Excerpts from a dataset:

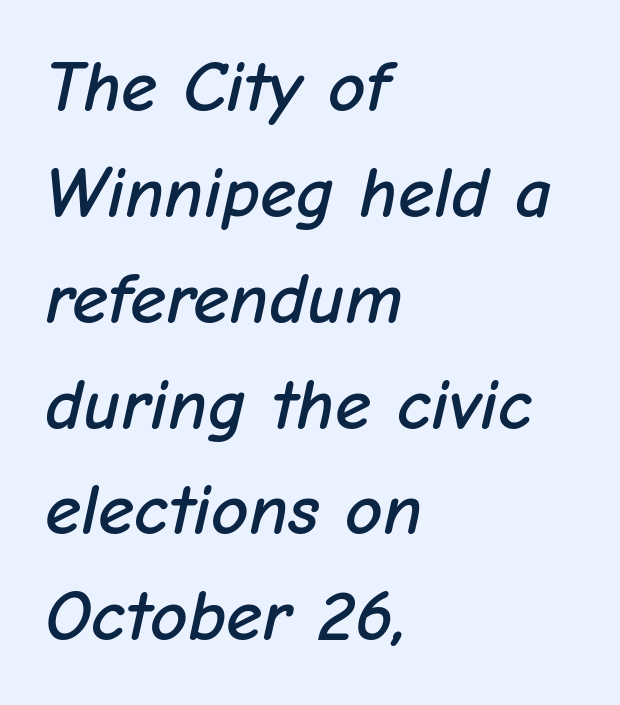
{"italic": "yes", "lean": "right", "slant_degrees": 12, "width": "normal", "stroke_contrast": "low", "x_height": "medium", "monospaced": "no", "underline": "no", "align": "left", "line_spacing": "normal", "line_spacing_ratio": 1.45, "letter_spacing": "normal", "letter_spacing_em": 0.0, "glyph_px": 73}
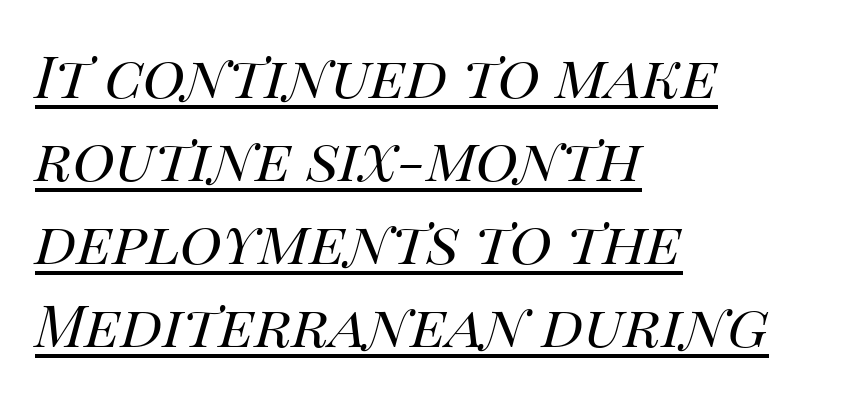
{"italic": "yes", "lean": "right", "slant_degrees": 14, "bold": "no", "weight": "regular", "width": "normal", "stroke_contrast": "high", "x_height": "large", "monospaced": "no", "underline": "yes", "align": "left", "line_spacing": "normal", "line_spacing_ratio": 1.43, "letter_spacing": "normal", "letter_spacing_em": 0.0, "glyph_px": 58}
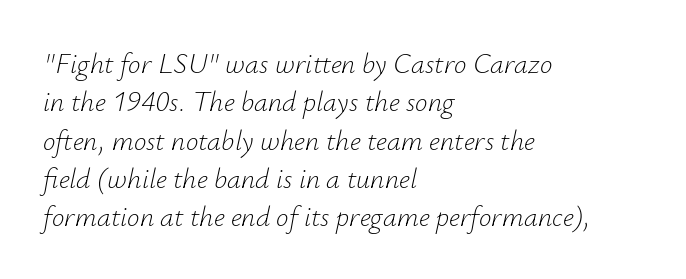
The image shows 28 px light type, italic (leaning right); set left-aligned, normal line spacing (1.37x), normal letter spacing, not underlined; low stroke contrast and a small x-height.
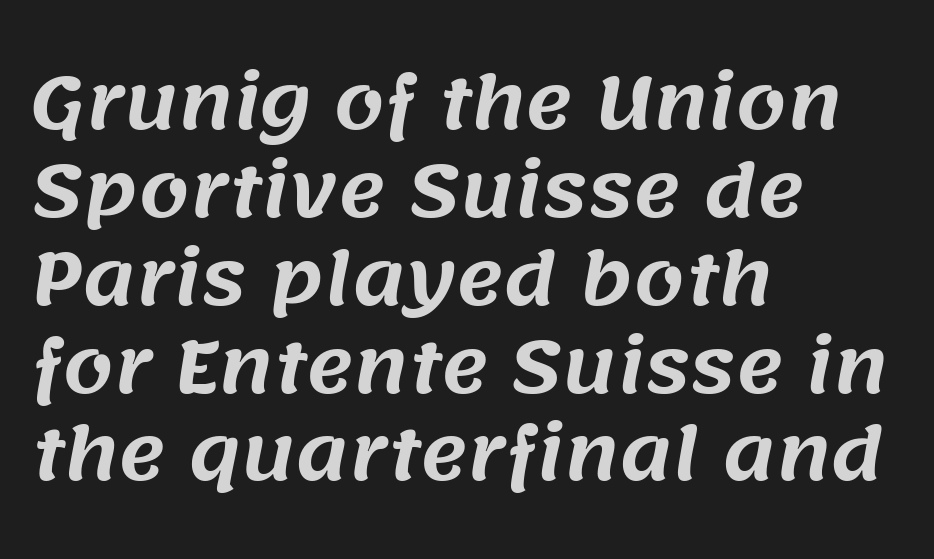
Q: Is the typeface a serif or a sans-serif typeface? A: Sans-serif.
Q: Is the text underlined? A: No.
Q: How is the paragraph aligned? A: Left-aligned.
Q: Is the spacing between letters normal or unusually wide? A: Normal.
Q: Width (condensed, normal, or wide)? A: Normal.
Q: Stroke contrast? A: Medium.
Q: x-height? A: Large.
Q: Monospaced? A: No.
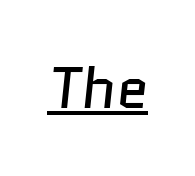
The image shows 58 px regular-weight sans-serif type; set normal letter spacing, underlined; low stroke contrast and a medium x-height.
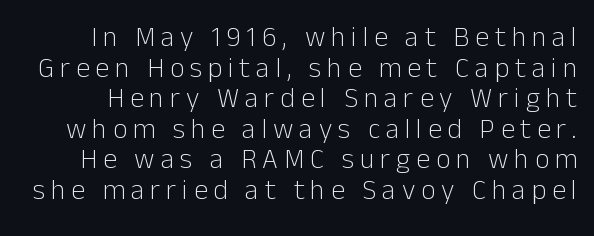
Q: Is the text bold? A: No.
Q: Is the text italic (slanted)? A: No, it is upright.
Q: Is the typeface a serif or a sans-serif typeface? A: Sans-serif.
Q: Is the text underlined? A: No.
Q: Is the spacing between letters normal or unusually wide? A: Unusually wide.
Q: Is the spacing between lines tight, normal or loose? A: Tight.
Q: Width (condensed, normal, or wide)? A: Normal.
Q: Stroke contrast? A: Low.
Q: x-height? A: Medium.
Q: Monospaced? A: No.
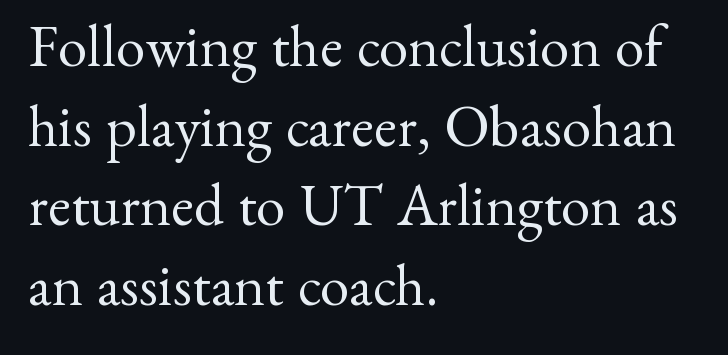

Task brief: Word for word, give the entries back in full; the pictures do not belong in the copy.

Task answer:
{"italic": "yes", "lean": "right", "slant_degrees": 12, "width": "normal", "stroke_contrast": "low", "x_height": "medium", "monospaced": "no", "underline": "no", "align": "left", "line_spacing": "normal", "line_spacing_ratio": 1.45, "letter_spacing": "normal", "letter_spacing_em": 0.0, "glyph_px": 73}
{"italic": "yes", "lean": "right", "slant_degrees": 14, "bold": "no", "weight": "regular", "width": "normal", "stroke_contrast": "high", "x_height": "large", "monospaced": "no", "underline": "yes", "align": "left", "line_spacing": "normal", "line_spacing_ratio": 1.43, "letter_spacing": "normal", "letter_spacing_em": 0.0, "glyph_px": 58}
The image shows 28 px light type, italic (leaning right); set left-aligned, normal line spacing (1.37x), normal letter spacing, not underlined; low stroke contrast and a small x-height.
Q: Is the typeface a serif or a sans-serif typeface? A: Sans-serif.
Q: Is the text underlined? A: No.
Q: How is the paragraph aligned? A: Left-aligned.
Q: Is the spacing between letters normal or unusually wide? A: Normal.
Q: Width (condensed, normal, or wide)? A: Normal.
Q: Stroke contrast? A: Medium.
Q: x-height? A: Large.
Q: Monospaced? A: No.
The image shows 58 px regular-weight sans-serif type; set normal letter spacing, underlined; low stroke contrast and a medium x-height.
Q: Is the text bold? A: No.
Q: Is the text italic (slanted)? A: No, it is upright.
Q: Is the typeface a serif or a sans-serif typeface? A: Sans-serif.
Q: Is the text underlined? A: No.
Q: Is the spacing between letters normal or unusually wide? A: Unusually wide.
Q: Is the spacing between lines tight, normal or loose? A: Tight.
Q: Width (condensed, normal, or wide)? A: Normal.
Q: Stroke contrast? A: Low.
Q: x-height? A: Medium.
Q: Monospaced? A: No.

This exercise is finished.